Abstract

Abstract Introduction We assessed the feasibility of hippocampal sparing in adults with primary brain tumours using Intensity Modulated Proton Therapy (IMPT) and compared this with Intensity Modulated Radiotherapy (IMRT) and 3D-Conformal Radiotherapy (3DCRT). Methods and Materials 20 patients were identified, and each patient underwent a radiotherapy planning CT scan and 2 MRI scans. A pre-operative diagnostic MRI scan was fused with the planning CT and used for target delineation and a dedicated 3T MRI scan at the time of planning was fused with the CT for hippocampus delineation. 3 hippocampal sparing plans were generated for each patient with specific prescriptions (54Gy/30 fractions, 60Gy/30 fractions and 59.4Gy/33 fractions) using IMPT, IMRT and 3DCRT. Hippocampal sparing was defined as median dose to contralateral hippocampus ≤25Gy without compromising target coverage and organ at risk dose constraints.

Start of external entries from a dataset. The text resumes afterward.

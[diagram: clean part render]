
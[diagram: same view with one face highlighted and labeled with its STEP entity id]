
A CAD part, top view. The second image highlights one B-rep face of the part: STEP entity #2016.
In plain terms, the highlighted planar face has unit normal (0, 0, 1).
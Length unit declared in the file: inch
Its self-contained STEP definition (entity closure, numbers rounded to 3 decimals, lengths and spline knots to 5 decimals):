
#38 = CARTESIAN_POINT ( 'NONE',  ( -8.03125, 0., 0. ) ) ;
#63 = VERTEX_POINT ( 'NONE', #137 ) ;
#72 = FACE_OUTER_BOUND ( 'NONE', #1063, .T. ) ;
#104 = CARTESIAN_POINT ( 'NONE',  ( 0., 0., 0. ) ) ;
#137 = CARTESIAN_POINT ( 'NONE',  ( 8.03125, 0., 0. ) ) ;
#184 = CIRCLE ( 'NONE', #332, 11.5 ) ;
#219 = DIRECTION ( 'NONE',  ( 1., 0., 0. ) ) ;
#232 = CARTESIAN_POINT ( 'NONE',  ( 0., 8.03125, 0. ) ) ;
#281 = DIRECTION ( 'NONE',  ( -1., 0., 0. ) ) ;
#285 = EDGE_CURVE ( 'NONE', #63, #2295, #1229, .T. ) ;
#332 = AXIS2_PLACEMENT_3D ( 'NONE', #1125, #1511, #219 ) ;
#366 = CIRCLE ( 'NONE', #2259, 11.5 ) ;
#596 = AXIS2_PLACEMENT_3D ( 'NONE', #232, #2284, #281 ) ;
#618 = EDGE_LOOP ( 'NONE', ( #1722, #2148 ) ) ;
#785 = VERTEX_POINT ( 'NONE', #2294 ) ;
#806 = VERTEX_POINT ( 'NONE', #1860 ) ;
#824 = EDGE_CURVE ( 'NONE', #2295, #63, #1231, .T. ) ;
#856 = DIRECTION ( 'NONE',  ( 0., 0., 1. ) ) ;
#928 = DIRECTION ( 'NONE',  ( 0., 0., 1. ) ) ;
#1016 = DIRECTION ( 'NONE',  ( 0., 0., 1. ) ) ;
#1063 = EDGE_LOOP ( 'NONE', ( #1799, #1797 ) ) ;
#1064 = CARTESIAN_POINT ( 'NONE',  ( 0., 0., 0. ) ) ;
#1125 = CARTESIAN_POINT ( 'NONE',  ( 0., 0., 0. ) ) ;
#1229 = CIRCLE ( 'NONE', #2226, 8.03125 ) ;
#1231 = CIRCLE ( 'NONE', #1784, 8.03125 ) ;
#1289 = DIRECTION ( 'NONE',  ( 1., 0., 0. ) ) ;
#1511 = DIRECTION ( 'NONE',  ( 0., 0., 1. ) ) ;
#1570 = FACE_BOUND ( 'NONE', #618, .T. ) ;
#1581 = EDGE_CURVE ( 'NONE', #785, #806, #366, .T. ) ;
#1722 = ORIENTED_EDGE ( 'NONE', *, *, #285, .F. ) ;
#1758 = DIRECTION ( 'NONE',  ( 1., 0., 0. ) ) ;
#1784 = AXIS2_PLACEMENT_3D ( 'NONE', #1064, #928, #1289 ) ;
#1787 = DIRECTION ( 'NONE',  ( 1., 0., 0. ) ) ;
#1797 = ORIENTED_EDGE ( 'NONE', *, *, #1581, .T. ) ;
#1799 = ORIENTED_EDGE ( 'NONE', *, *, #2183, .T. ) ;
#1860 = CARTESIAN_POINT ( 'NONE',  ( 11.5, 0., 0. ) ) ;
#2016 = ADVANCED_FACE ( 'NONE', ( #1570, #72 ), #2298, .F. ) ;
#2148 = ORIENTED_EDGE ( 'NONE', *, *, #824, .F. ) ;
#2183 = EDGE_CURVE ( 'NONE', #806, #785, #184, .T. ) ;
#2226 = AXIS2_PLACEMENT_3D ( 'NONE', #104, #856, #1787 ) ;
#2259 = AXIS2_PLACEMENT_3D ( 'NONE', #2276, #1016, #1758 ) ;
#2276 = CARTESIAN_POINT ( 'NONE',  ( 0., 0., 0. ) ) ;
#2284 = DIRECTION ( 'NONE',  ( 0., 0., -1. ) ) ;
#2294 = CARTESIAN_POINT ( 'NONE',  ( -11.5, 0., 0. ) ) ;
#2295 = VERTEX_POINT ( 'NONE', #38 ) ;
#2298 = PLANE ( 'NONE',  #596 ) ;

Results Hippocampal sparing was achieved in 19 patients (95%) with IMPT, 16 patients (80%) with IMRT and 13 patients (65%) with 3DCRT. The largest median hippocampal dose reduction was seen with IMPT, with a mean median hippocampal dose of 4.8Gy (range: 0.0Gy-24.9Gy), 14.6Gy (range: 1.9Gy-21.7Gy), and 16.2Gy (range: 2.3Gy-25.0Gy) for IMPT, IMRT and 3DCRT respectively. Hippocampal sparing IMPT failed in one case with the largest tumour volume (650cc) where 2/3 of the hippocampus overlapped the target volume. Conclusion IMPT as compared to IMRT and 3DCRT plans showed a trend towards significant and effective hippocampal sparing in adult patients with primary brain tumours. We are currently evaluating this in a larger patient cohort and comparing IMPT with VMAT.